▶ [YOUR TASK] An exact copy of every record below is required, with the pictures left out.

(Collected data)
=== Begin Enclosure ===
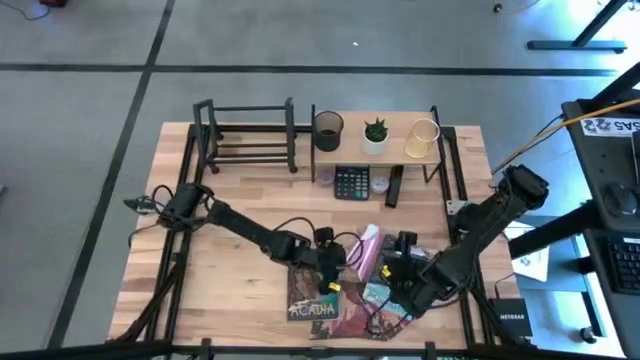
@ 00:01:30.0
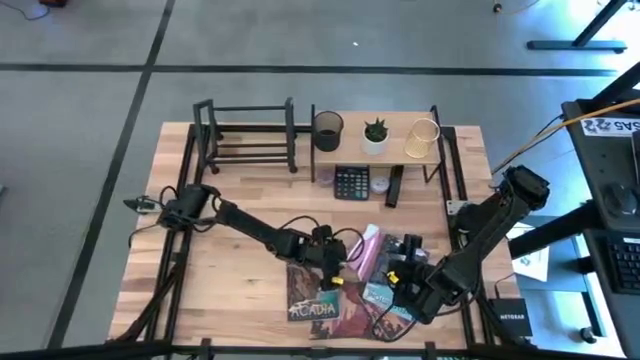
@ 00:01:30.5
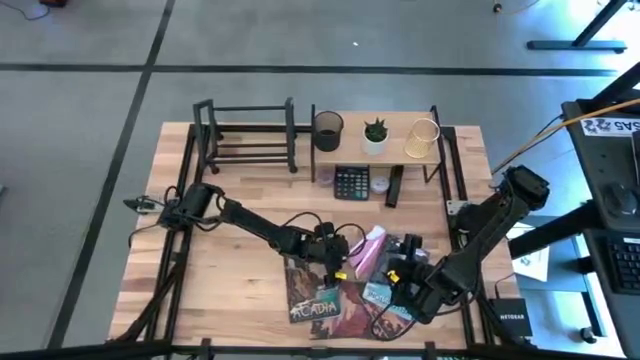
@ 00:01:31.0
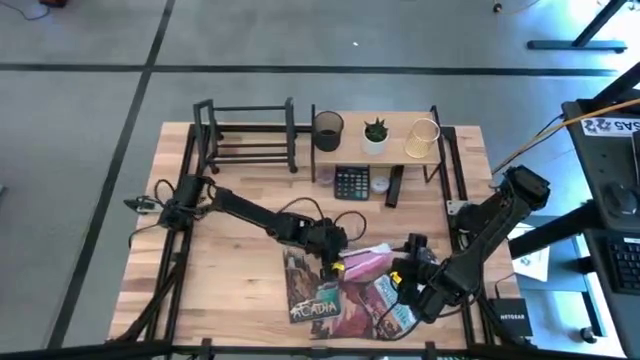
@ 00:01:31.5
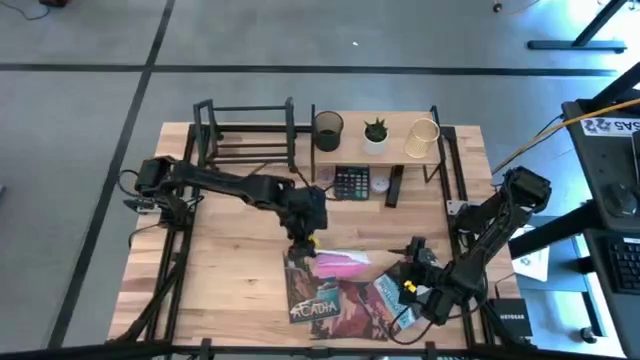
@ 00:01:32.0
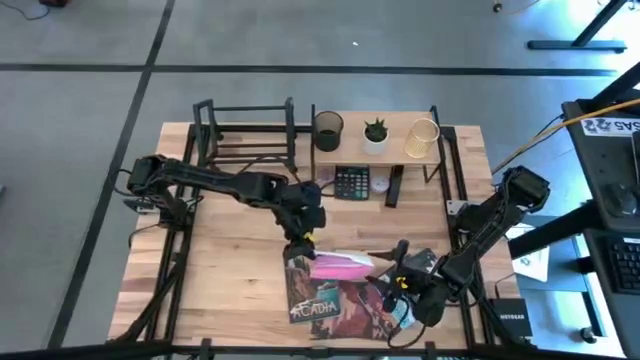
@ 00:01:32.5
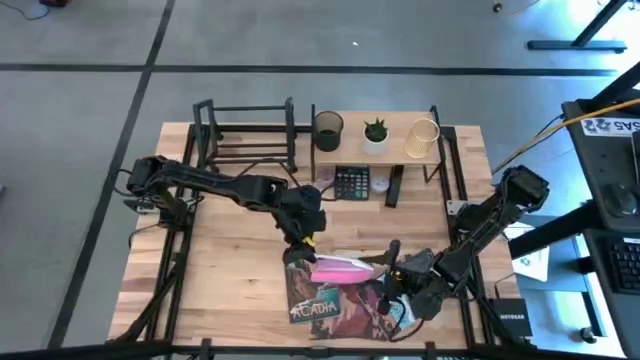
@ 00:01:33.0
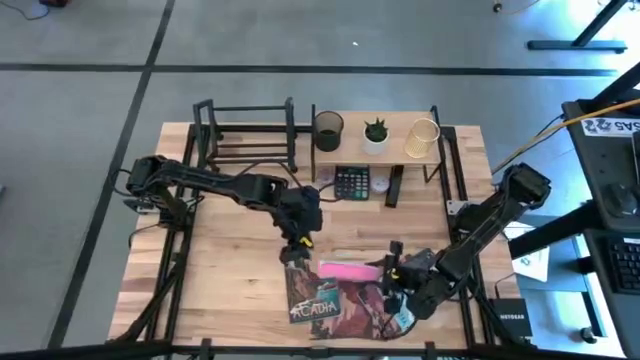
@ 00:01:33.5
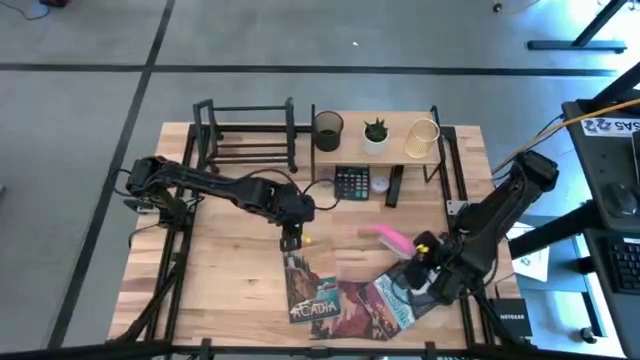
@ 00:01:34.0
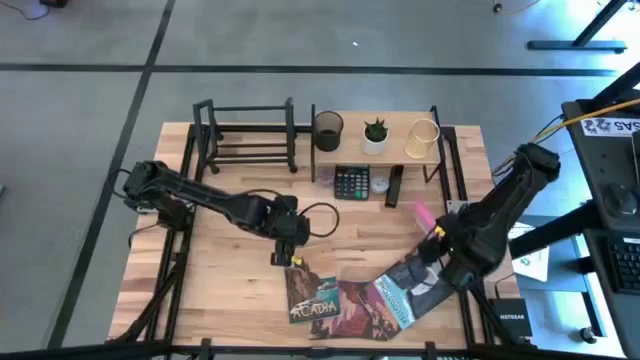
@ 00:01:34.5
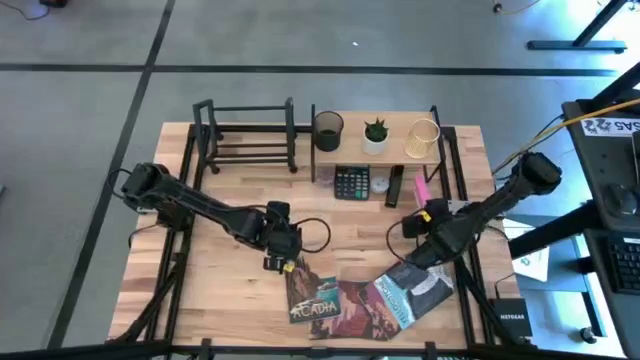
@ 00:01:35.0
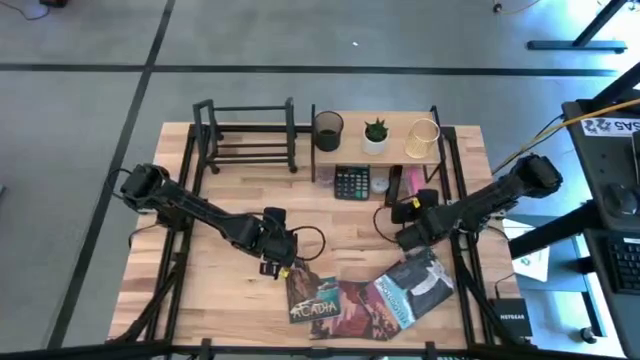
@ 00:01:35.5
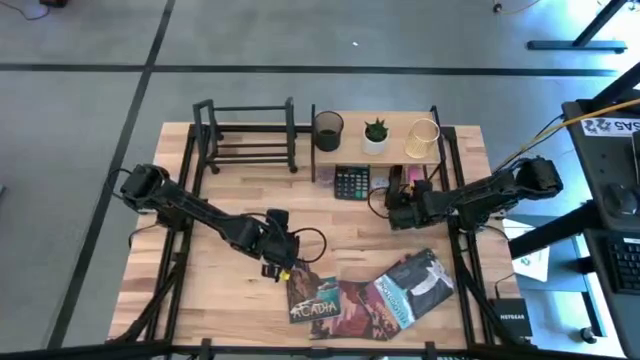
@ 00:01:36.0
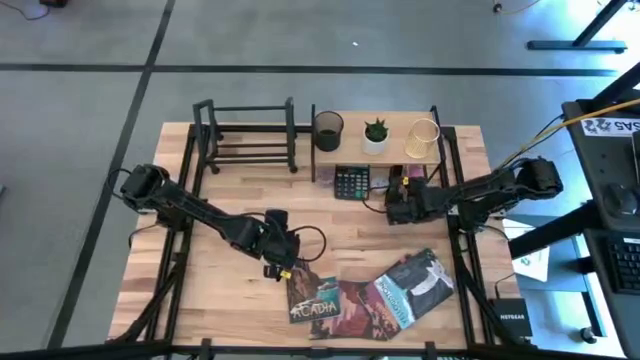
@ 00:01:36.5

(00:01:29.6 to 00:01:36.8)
Put the pink stapler under the shelf
=== End Enclosure ===
▶ [OUTPUT OF THE EXERCISE]
@ 00:01:30.0
@ 00:01:30.5
@ 00:01:31.0
@ 00:01:31.5
@ 00:01:32.0
@ 00:01:32.5
@ 00:01:33.0
@ 00:01:33.5
@ 00:01:34.0
@ 00:01:34.5
@ 00:01:35.0
@ 00:01:35.5
@ 00:01:36.0
@ 00:01:36.5

(00:01:29.6 to 00:01:36.8)
Put the pink stapler under the shelf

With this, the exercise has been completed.